Function: _def_realbitprecision
Class: default
Section: default
C-Name: sd_realbitprecision
Prototype:
Help:
Doc: the number of significant bits used to convert exact inputs given to
 transcendental functions (see \secref{se:trans}), or to create
 absolute floating point constants (input as \kbd{1.0} or \kbd{Pi} for
 instance). Unless you tamper with the \tet{format} default, this is also
 the number of significant bits used to print a \typ{REAL} number;
 \kbd{format} will override this latter behavior, and allow you to have a
 large internal precision while outputting few digits for instance.

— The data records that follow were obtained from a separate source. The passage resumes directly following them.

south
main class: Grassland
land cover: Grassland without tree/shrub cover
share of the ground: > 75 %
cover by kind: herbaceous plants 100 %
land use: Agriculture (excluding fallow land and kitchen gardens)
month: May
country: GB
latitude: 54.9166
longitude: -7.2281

 Note that most PARI's functions currently handle precision on a word basis (by
 increments of 32 or 64 bits), hence bit precision may be a little larger
 than the number of bits you expected. For instance to get 10 bits of
 precision, you need one word of precision which, on a 64-bit machine,
 correspond to 64 bits. To make things even more confusing, this internal bit
 accuracy is converted to decimal digits when printing floating point numbers:
 now 64 bits correspond to 19 printed decimal digits
 ($19 <  \log_{10}(2^{64}) < 20$).

 The value returned when typing \kbd{default(realbitprecision)} is the internal
 number of significant bits, not the number of printed decimal digits:
 \bprog
 ? default(realbitprecision, 10)
 ? \pb
       realbitprecision = 64 significant bits
 ? default(realbitprecision)
 %1 = 64
 ? \p
       realprecision = 3 significant digits
 ? default(realprecision)
 %2 = 19
 @eprog\noindent Note that \tet{realprecision} and \kbd{\bs p} allow
 to view and manipulate the internal precision in decimal digits.

 The default value is \kbd{128}, resp.~\kbd{96}, on a 64-bit, resp~.32-bit,
 machine.